Image Processing
Image Processing
Image Datasets and Tasks
- Various datasets:
- MNIST handwritten digits, 10 classes, 6000 each
- CIFAR colour images, 10 classes, 5000 each
- ImageNet LSVRC - more images
- Tasks:
- image captioning
- image classification
- object detection
- object segmentation
- generating images
- generating art
- style transfer
AlexNet
- Enhanced using: ReLUs, overlapping pooling, stochastic gradient descent with momentum and weight decay, 50% dropout in fully connected layers
- Data augmentation
- Cropping out 10 patches of the original image
- Horizontal reflection of each patch included
- RGB channels had changed intensities
- Predictions of the 10 patches averaged at testing
- Convolution Kernels
- Filters on GPU-1 are colour agnostic
- Filters on GPU-2 are colour specific
Deep Networks
- > 10 layers: weight initialisation and batch normalization
- > 30 layers: skip connections
- > 100 layers: identity skip connections
Weight Initialization
- We want changes in the weights between layers to be around the same size.
- This is affected by the variance in input and output, number of outputs ($n_i^out$) and a constant that takes into account the transfer function ($G_0$)

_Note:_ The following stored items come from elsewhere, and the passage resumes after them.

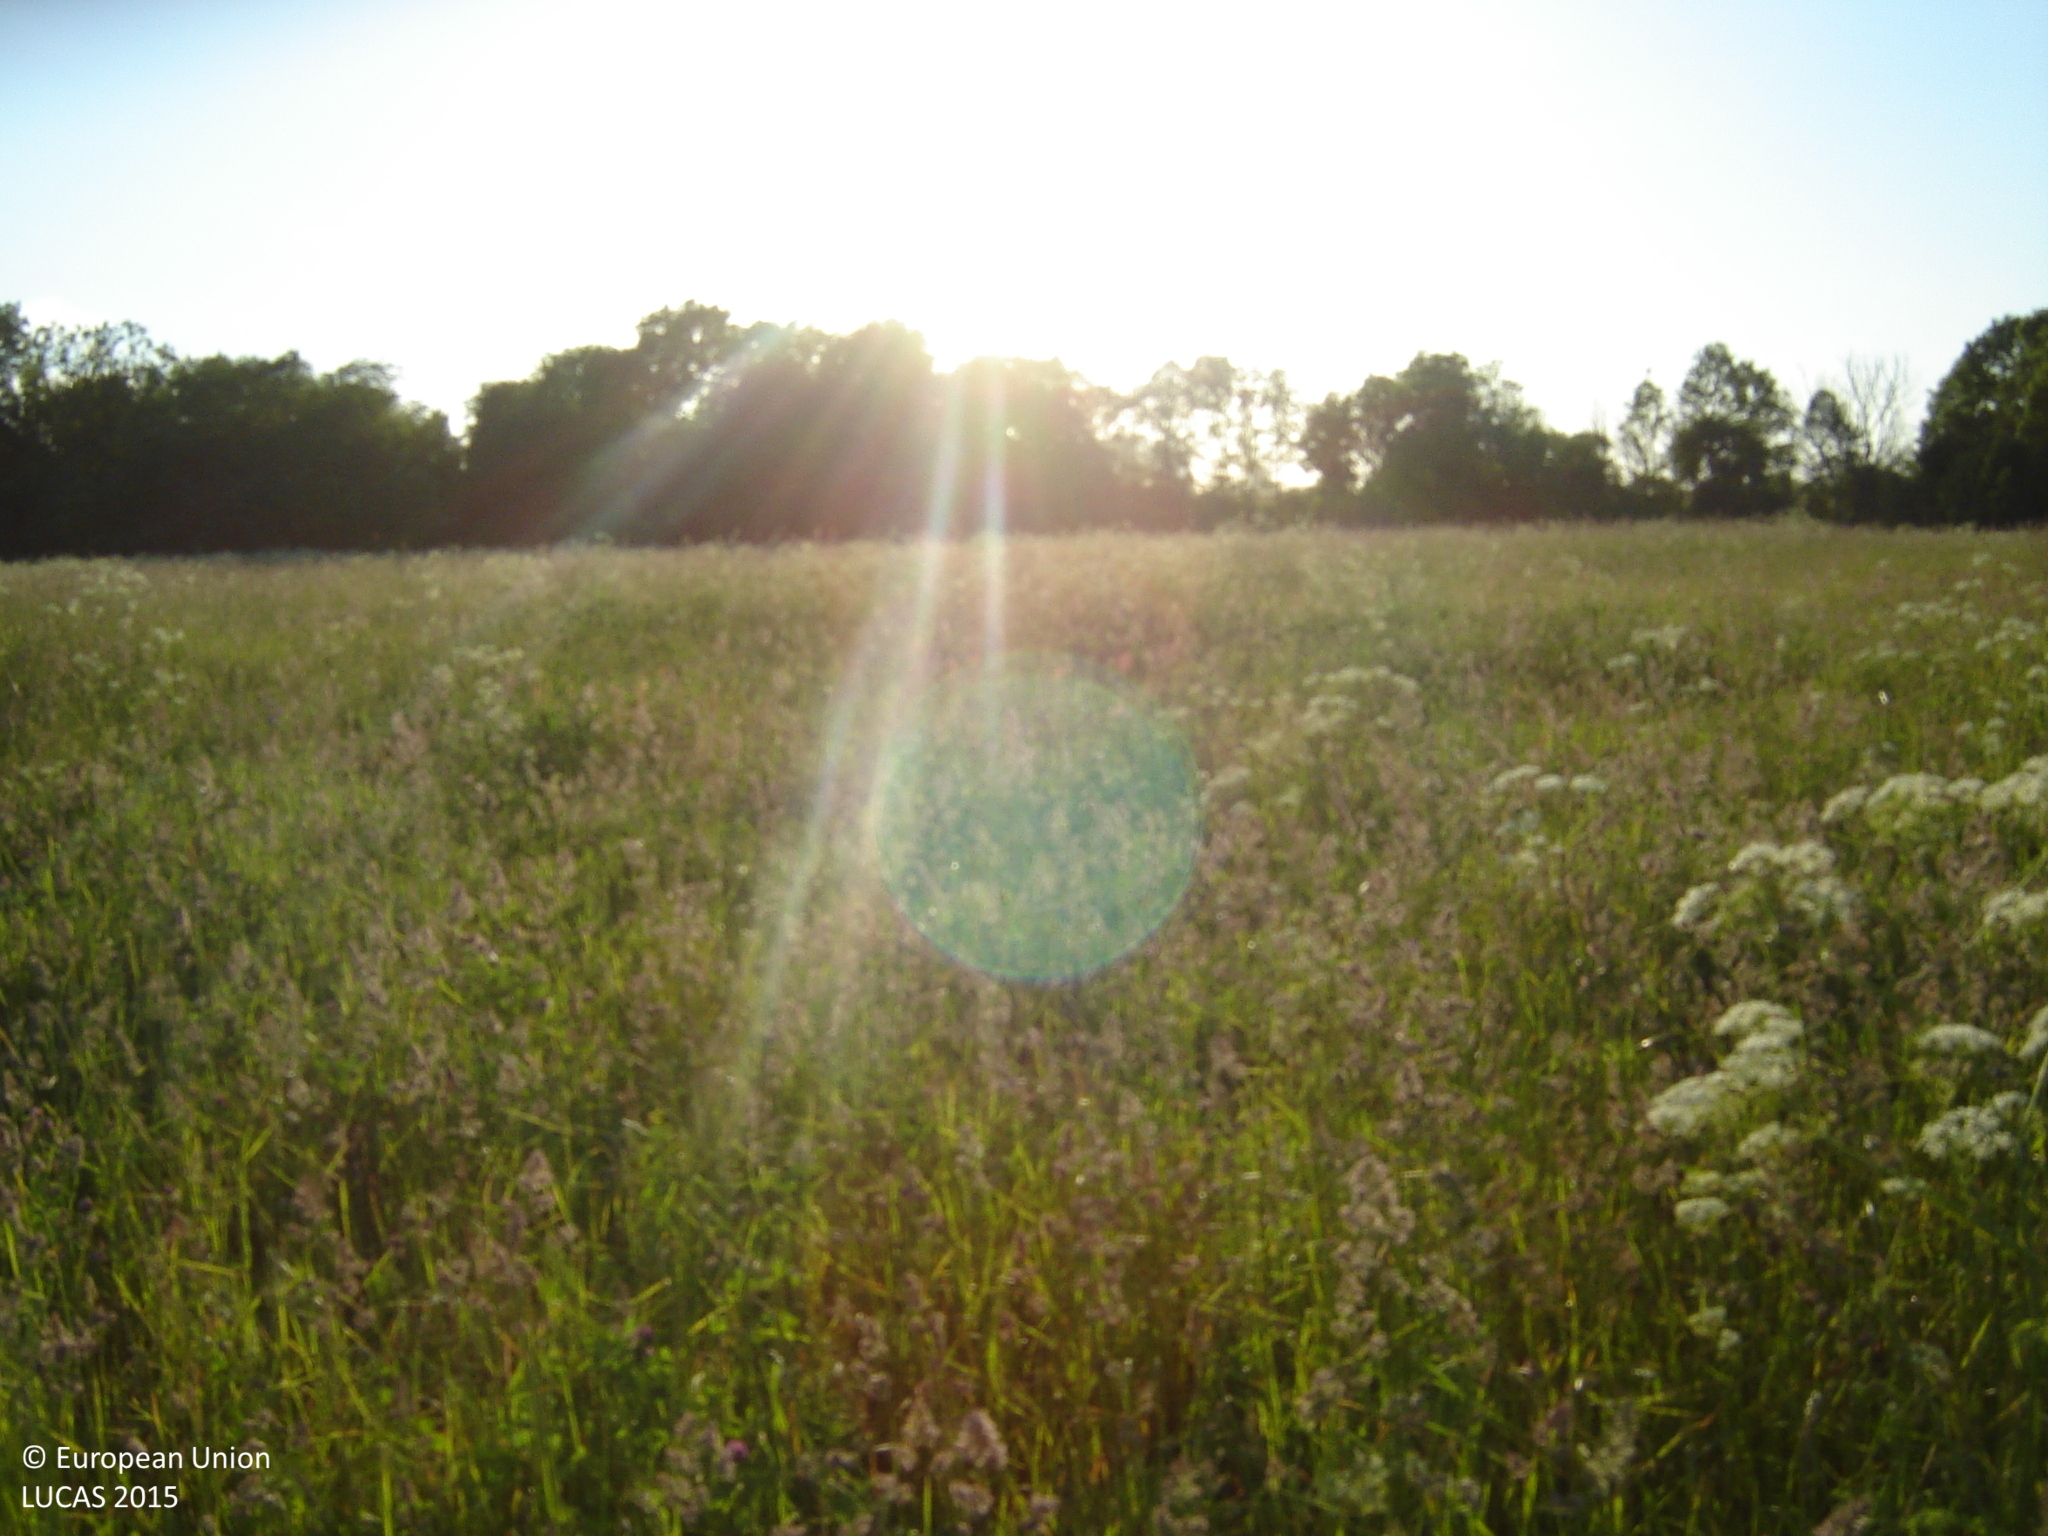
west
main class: Grassland
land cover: Grassland without tree/shrub cover
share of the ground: > 75 %
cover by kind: herbaceous plants 100 %
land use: Agriculture (excluding fallow land and kitchen gardens)
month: June
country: LT
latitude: 55.5468
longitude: 25.2217
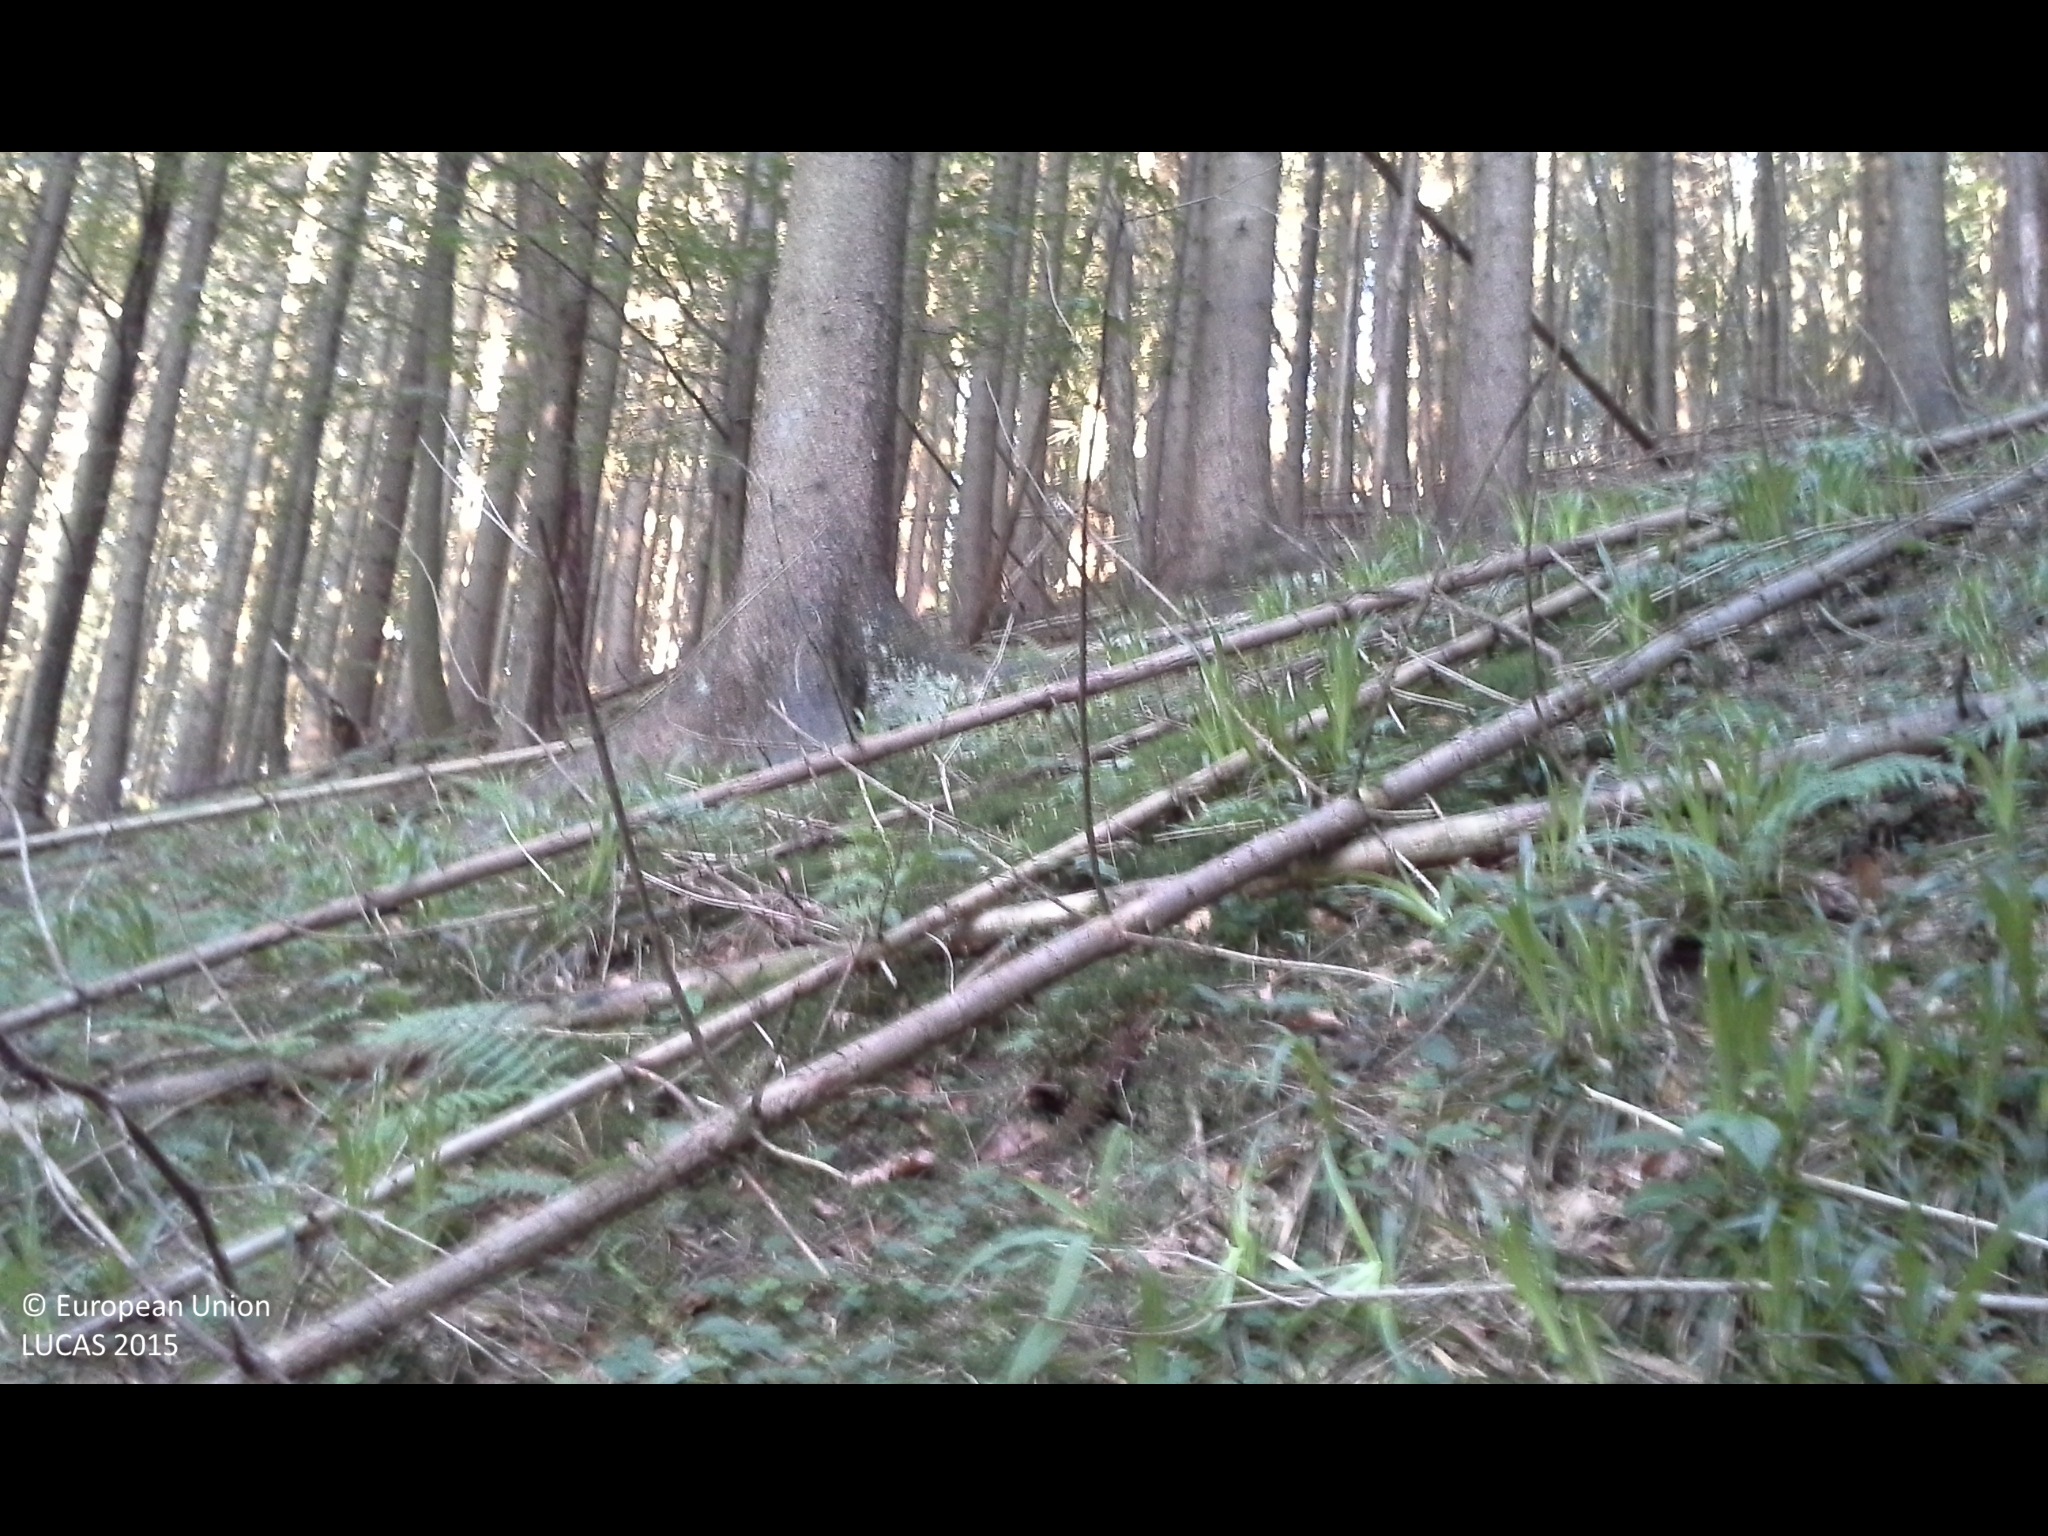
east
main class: Woodland
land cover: Spruce dominated mixed woodland
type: hemiboreal forest and nemoral coniferous forest and mixed broadleaved-coniferous forest
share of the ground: > 75 %
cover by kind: coniferous forest trees 75 %, broadleaved forest trees 25 %
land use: Forestry
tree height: > 5 m
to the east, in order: Spruce dominated mixed woodland; Tracks; Spruce dominated mixed woodland; Rivers and streams; Spruce dominated mixed woodland; Spruce dominated coniferous woodland; Rivers and streams; Spruce dominated mixed woodland
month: May
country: AT
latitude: 47.9447
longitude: 14.2169

- We know that for D layers, the variance is:
$Var[\frac{\delta}{\delta x}] = (\prod_{i=1}^D G_0 \times n_i^out\times Var[w^{(i)}])\times Var[\frac{\delta}{\delta z}]$
- We want the variance to be around the same between input and output (left and right) - so therefore we choose weights such that
$(\prod_{i=1}^D G_0 \times n_i^out\times Var[w^{(i)}]) = 1$
Batch Normalization
- We want to normalise the activations of the nodes of a particular layer. To do that, we normalise the activations $x_k^{(i)}$:
$\hat{x}_k^{(i)} = \frac{x_k^{(i)} - Mean[x_k^{(i)}]}{\sqrt{Var[x_k^{(i)}]}}$
- Then we shift and rescale it with our own custom mean and variance, that can be trained as well using backprop with the other parameters/weights.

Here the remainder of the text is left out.